Germania,Francia Italia. Italia e Francia devono però accelerare sulle riforme come richiede la Commissione nella recente analisi dove si rileva che i due Paesi presentano squilibri macroeconomici eccessivi e in negativo mentre opposti, ma pur sempre squilibri, sono quelli della Germania che è “troppo “forte.

Più precisamente la Commissione rileva che la Germania ha un surplus di parte corrente eccessivo che riflette uno squilibrio tra investimenti (pochi)e risparmio (troppo). Una riduzione del surplus con più domanda interna specie di investimenti infrastrutturali avrebbe effetti positivi importanti su tutta la Uem. Gli investimenti sarebbero realizzabili senza stress per la Germania dato il surplus delle sue finanze pubbliche e il risparmio di quelle private.

Per converso la Francia soffre di una bassa crescita della produttività che danneggia la competitività e i margini di profitto con effetti sia sulle esportazioni che sugli investimenti e con effetti transfrontalieri. Il debito pubblico continua a crescere anche se in decelerazione ma non tale da fugare preoccupazioni sul medio termine e ciò richiede più efficienza nella spesa pubblica e nella tassazione.
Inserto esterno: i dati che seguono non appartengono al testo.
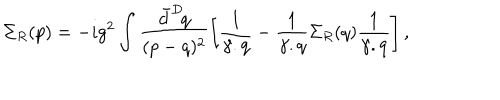
LaTeX: \Sigma _ { R } ( p ) = - i g ^ { 2 } \int \frac { \bar { d } ^ { D } \! q } { ( p - q ) ^ { 2 } } \left[ \frac { 1 } { \gamma . q } - \frac { 1 } { \gamma . q } \Sigma _ { R } ( q ) \frac { 1 } { \gamma . q } \right] ,

E infine l’Italia soffre di un debito pubblico sul Pil eccessivo (al quale la Commissione dedica addirittura un’analisi specifica) e che, pur avviandosi ad una stabilizzazione, non è ancora su un sentiero decrescente a causa sia della riduzione nel saldo primario strutturale di bilancio sia della bassa crescita del Pil nominale. La scarsa dinamica della produttività continua anche a causa della lenta ripresa degli investimenti, di un settore dei servizi poco dinamico e dell’inefficienza della macchina pubblica. I crediti non performing hanno appena cominciato a stabilizzarsi ma pesano sui profitti delle banche e rendono difficile le ricapitalizzazioni e l’erogazione del credito.

Una conclusione italiana. L’Italia appare però la più debole malgrado la ripresa della crescita e il riconoscimento della Commissione che alcune riforme significative sono state fatte. Eppure l’idea della convergenza dei tre Paesi può essere coltivata sia perché vi è già un’integrazione di sistemi industriali potenti (che potrebbero essere ulteriormente rafforzati anche nei sistemi 4.0) sia perché (come ha dimostrato Marco Fortis) la rilevanza mondiale delle loro esportazioni dipende molto dalle loro interrelazioni. Nulla si potrà tuttavia fare in Italia senza un sistema politico stabile e capace di fare riforme utili e durevoli.